CHAPTER 39

How Not to Get Stung by the
3 BIG BEES:
Bitches, Buzzards & Bozzos,
Oh NO!

 

   Of my many trips through the Carnivals of Camouflage, I've made one primo discovery:

Just because we get our act together
does not mean
we get booked and beam-ed off to Utopia.

   The senseless showdowns and situations I still stumble into just add to why I accept the verity that no matter how much we evolve and de-stress our lives, no matter how much we clear our heart and head of needless emotional clutter, Utopia Beaming doesn't happen. Our world does not automatically become an anxiety free Nirvana.

   Face it. The media gets rich by insuring we shall always be worried, fear-filled and anxiety ridden. As do all the legal drug pusher companies.

   If we are not stressed … they lose income.

   I figure it's because our personal evolution has nothing to do with the growth choices that others make. Emotional maturation is a solo samba and it doesn't mean others will want to dance our steps. Just because we clear our heads and hearts of the need to control others, does not mean others will cease wanting to control us.

   No matter how deftly we clean our slates we will still be faced with Bitches, Buzzards and Bozzos eager to chalk us up on their Victim Score Boards.

   So, too, with righteous bigots, avenging in-laws, back stabbers, jealous others, gossip stokers and the rest of the world's meanargerie.

   I must say, the quantity of Buzzards in my life has greatly decreased as I've realized that I neither have to be liked by everyone in order to be likable to me, nor do I have to like everyone — or even pretend to. That's the good news!

   The great news is: the Bitches, Buzzards and Bozzos no longer have the ability to swoop and destroy us once we realize they need our followship more than we need their fellowship and approval.

   We also diminish the possibility of the BBBs distressing us once we dump the martyr programming that's fueled from past abuse and stoked by the Fear Fleas telling us: No Pain, No Gain and self-love is contingent on others' approval.

   We grow with the flow once we dump that program by not giving others the right to turn our search for happiness into an arbitrary bumper car rally.

   I built my force field against the Big Bad Bees with a multitude of ingredients, such as:

  1.    I acknowledge that their putdowns, jealousy, bigotry, or anger rarely has anything to do with me directly, other than by me becoming a scapegoat and/or audience for their fears. It helps to remember that when the BBBs have us in their sights, we're rarely a significant target — merely a handy one. With that in mind, it's easy to fly away.

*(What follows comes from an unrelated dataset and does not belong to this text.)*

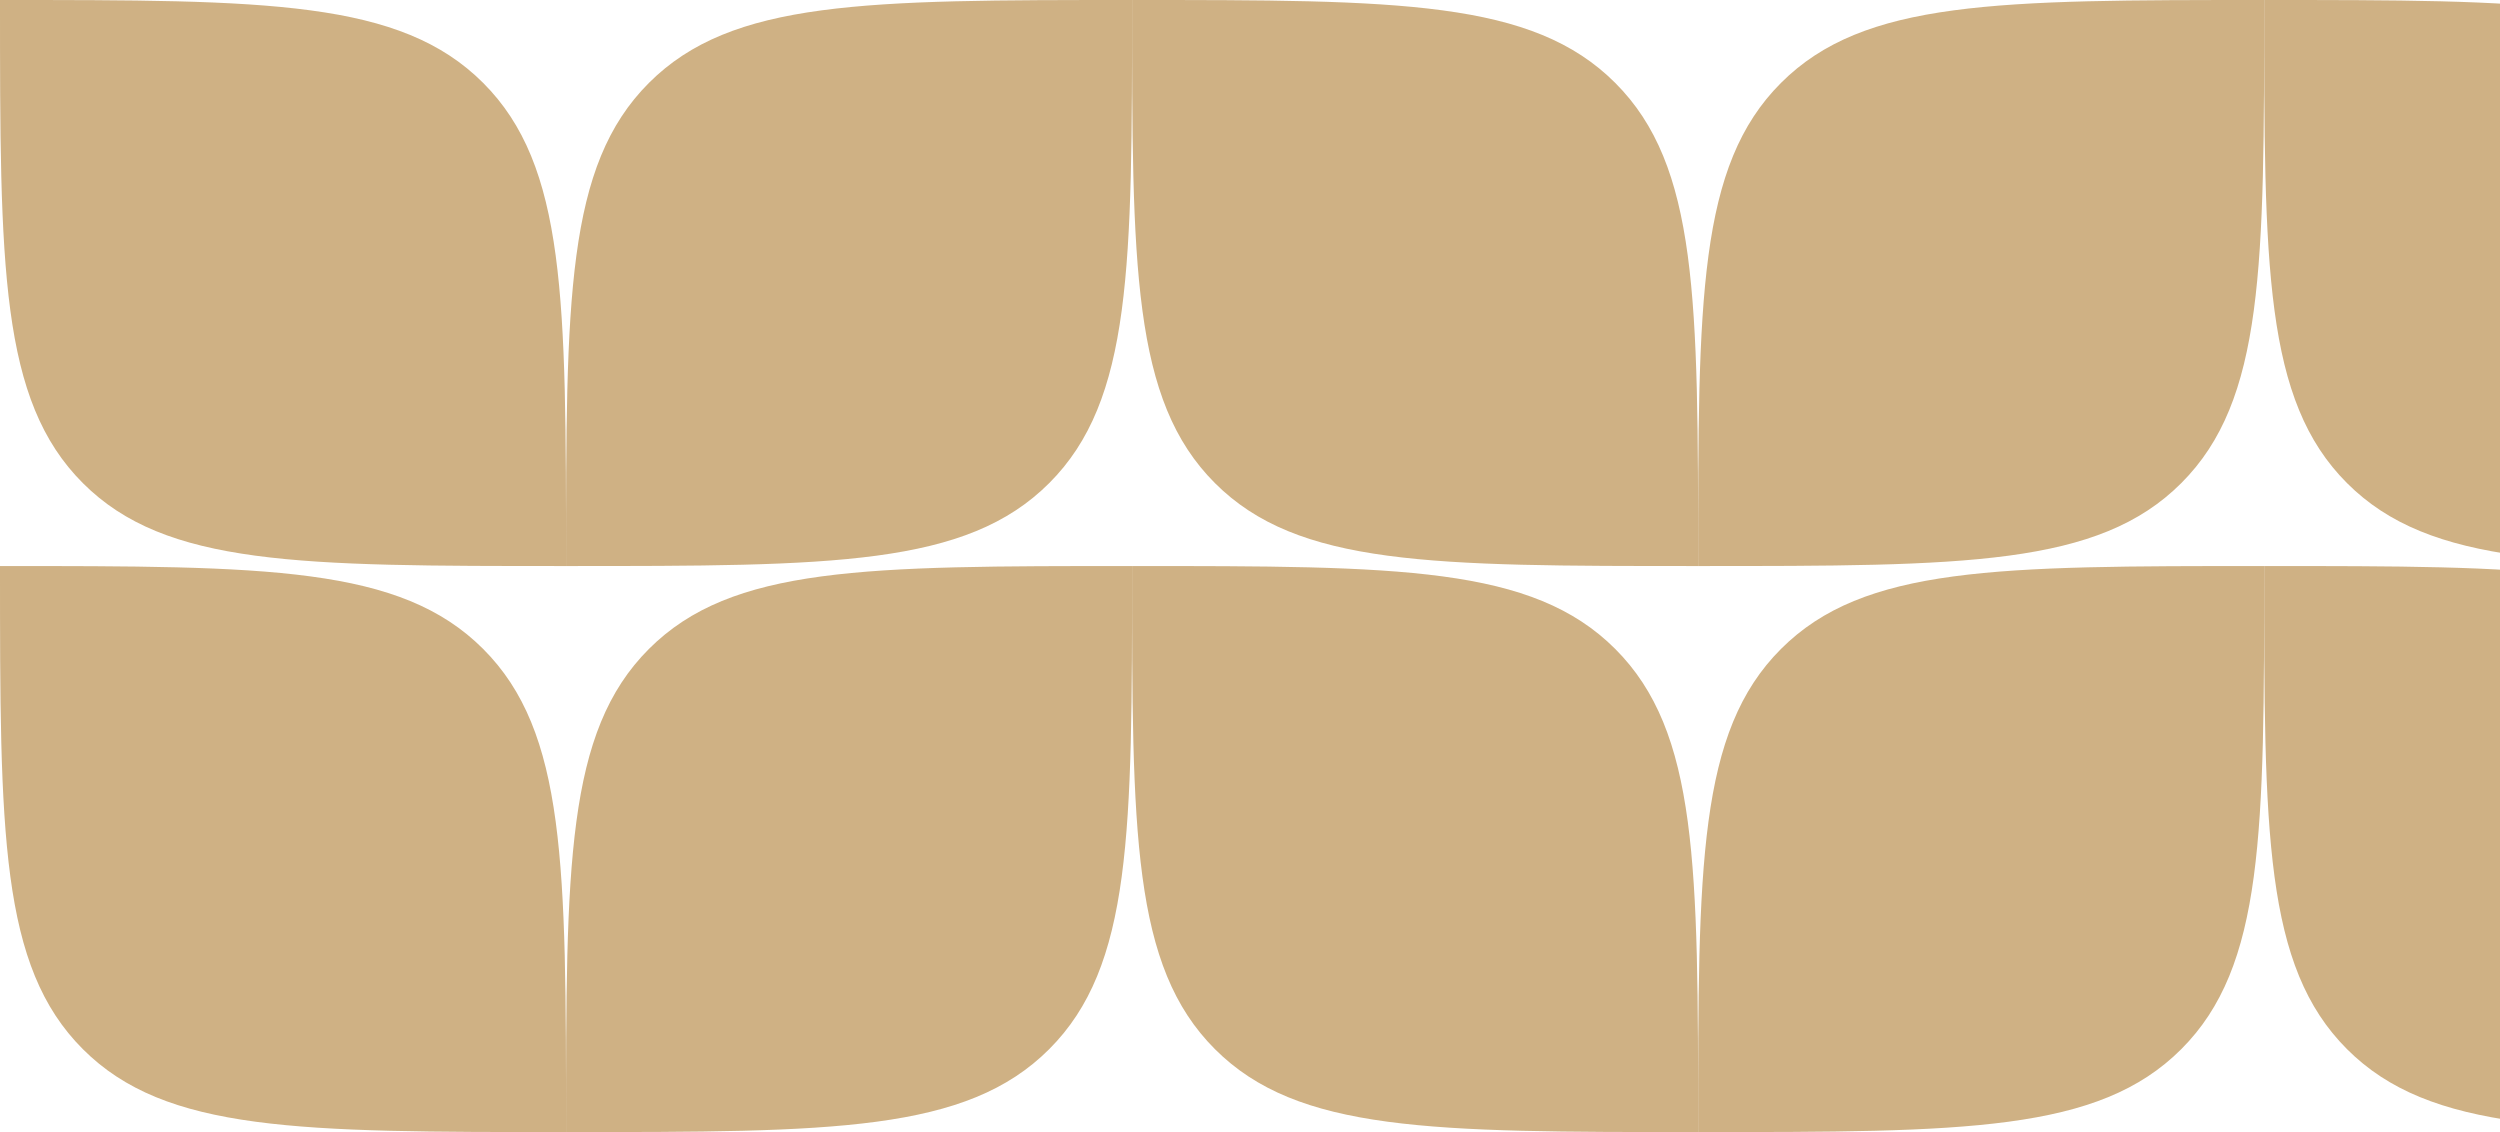 <?xml version="1.0" encoding="UTF-8"?> <svg xmlns="http://www.w3.org/2000/svg" width="530" height="240" viewBox="0 0 530 240" fill="none"><g clip-path="url(#clip0_6950_345)"><path d="M120 120C120 63.431 120 35.147 137.574 17.574C155.147 0 183.431 0 240 0C240 56.569 240 84.853 222.426 102.426C204.853 120 176.569 120 120 120Z" fill="#CFB184"></path><path d="M480 5.24537e-06C423.431 2.77268e-06 395.147 1.53633e-06 377.574 17.574C360 35.147 360 63.431 360 120C416.569 120 444.853 120 462.426 102.426C480 84.853 480 56.569 480 5.24537e-06Z" fill="#CFB184"></path><path d="M480 5.24537e-06C536.569 2.77268e-06 564.853 1.53633e-06 582.426 17.574C600 35.147 600 63.431 600 120C543.431 120 515.147 120 497.574 102.426C480 84.853 480 56.569 480 5.24537e-06Z" fill="#CFB184"></path><path d="M120 240C120 183.431 120 155.147 137.574 137.574C155.147 120 183.431 120 240 120C240 176.569 240 204.853 222.426 222.426C204.853 240 176.569 240 120 240Z" fill="#CFB184"></path><path d="M480 120C423.431 120 395.147 120 377.574 137.574C360 155.147 360 183.431 360 240C416.569 240 444.853 240 462.426 222.426C480 204.853 480 176.569 480 120Z" fill="#CFB184"></path><path d="M480 120C536.569 120 564.853 120 582.426 137.574C600 155.147 600 183.431 600 240C543.431 240 515.147 240 497.574 222.426C480 204.853 480 176.569 480 120Z" fill="#CFB184"></path><path d="M120 120C120 63.431 120 35.147 102.426 17.574C84.853 -3.07266e-06 56.569 -5.54535e-06 0 -1.04907e-05C-4.94538e-06 56.569 -7.41807e-06 84.853 17.574 102.426C35.147 120 63.431 120 120 120Z" fill="#CFB184"></path><path d="M360 120C360 63.431 360 35.147 342.426 17.574C324.853 -3.07266e-06 296.569 -5.54535e-06 240 -1.04907e-05C240 56.569 240 84.853 257.574 102.426C275.147 120 303.431 120 360 120Z" fill="#CFB184"></path><path d="M120 240C120 183.431 120 155.147 102.426 137.574C84.853 120 56.569 120 0 120C4.94538e-06 176.569 7.41807e-06 204.853 17.574 222.426C35.147 240 63.431 240 120 240Z" fill="#CFB184"></path><path d="M240 120C296.569 120 324.853 120 342.426 137.574C360 155.147 360 183.431 360 240C303.431 240 275.147 240 257.574 222.426C240 204.853 240 176.569 240 120Z" fill="#CFB184"></path></g><defs><clipPath id="clip0_6950_345"><rect width="530" height="240" fill="white"></rect></clipPath></defs></svg>

  2.    I dump the ego blinders when I accept people as they are without the need to change them to suit my vision or needs. I then see if they choose to be manipulative, insulting, rude or crude, or if they get their jollies at my expense. I know I can change channels and cite Walter Cronkite by saying, “Well, that's the way it is!” — for them. But not for me! Without the need to judge others as right or wrong, detachment from being their target or audience accelerates.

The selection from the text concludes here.